= Culture Recovery Fund =

Emergency fund in Britain in response to the Covid-19 pandemic

The Culture Recovery Fund is a grants programme issued by the UK Government as a response to the COVID-19 pandemic. The fund aims to financially support cultural organisations in England (such as theatres, museums, and music venues) which had become financially unviable as a result of national and local restrictions. It is administered by Arts Council England.

==Foundation and management==
The fund was initially announced by the Chancellor Rishi Sunak in July 2020 as a "one-off investment in UK culture". Sunak announced that the fund would be valued at £1.57 billion. Damon Buffini was announced as the chair of the Culture Recovery Board, the body tasked with managing the fund.

===Culture Recovery Board===
The culture recovery fund is administered by the Culture Recovery Board, which comprises 11 members appointed by the DCMS. They are:

- Sir Damon Buffini (chair)
- Lord Mendoza CBE (Commissioner for Cultural Recovery and Renewal)
- Sir Nicholas Serota CH (Chair of Arts Council England)
- Sir Laurie Magnus CBE (Chair of Historic England)
- René Olivieri (Chair of NLHF)
- Jay Hunt (Governor of the BFI, board member)
- Emma Squire (Director for Arts, Heritage and Tourism at the Department for Culture, Media and Sport)
- Claire Whitaker OBE (independent board member)
- Baroness Fall (independent board member)
- Hemant Patel MBE (independent board member)
- Samir Shah CBE c(independent board member)

==Grants issued==
The first 135 venues to receive money from the fund were announced on 22 August 2020. This first phase included only grassroots music venues such as Birmingham's Sunflower Lounge, Brighton's Green Door Store and Manchester's Gorilla.

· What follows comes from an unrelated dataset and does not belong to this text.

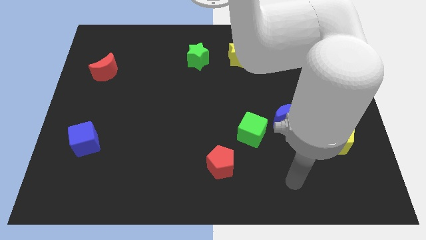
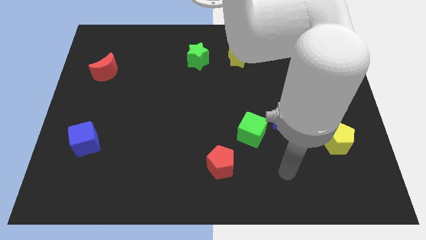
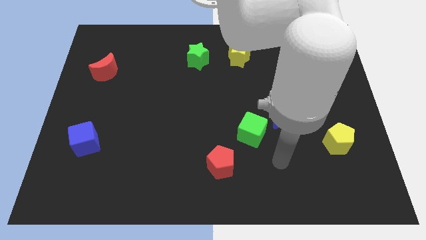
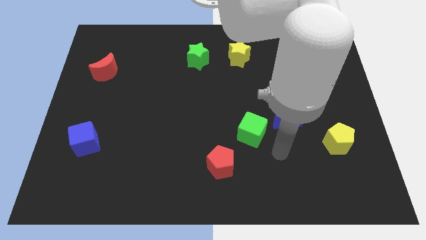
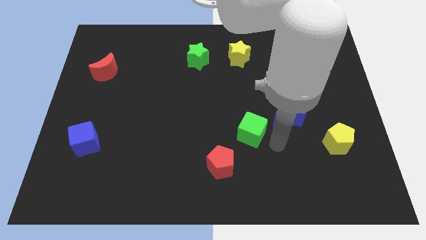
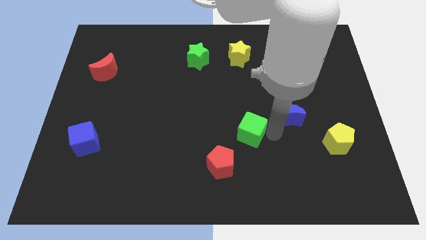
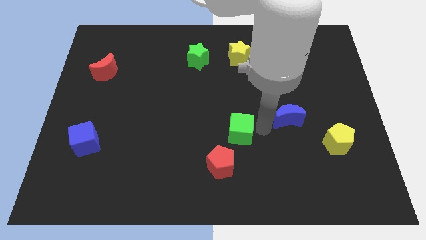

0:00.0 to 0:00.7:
move the blue moon away from the green cube

A large group of beneficiaries of the grants was announced on 12 October 2020. This phase totalled £257 million divided between 1,385 venues. A further announcement was made on 17 October 2020 of an additional £76 million between a further 588 organisations. The beneficiaries of this phase of the grants includes the Military Wives Choir, Somerset House, and the Puppet Theatre Barge.

The second round of large grants was issued on 2 April 2021. It distributed £262 million to 2,272 venues. The Department for Culture, Media, and Sport (DCMS) also announced it was funding £82 million of loans to cultural landmarks and institutions.

Another phase occurred in October 2021, with 142 sites receiving a share of a £35 million injection into the fund.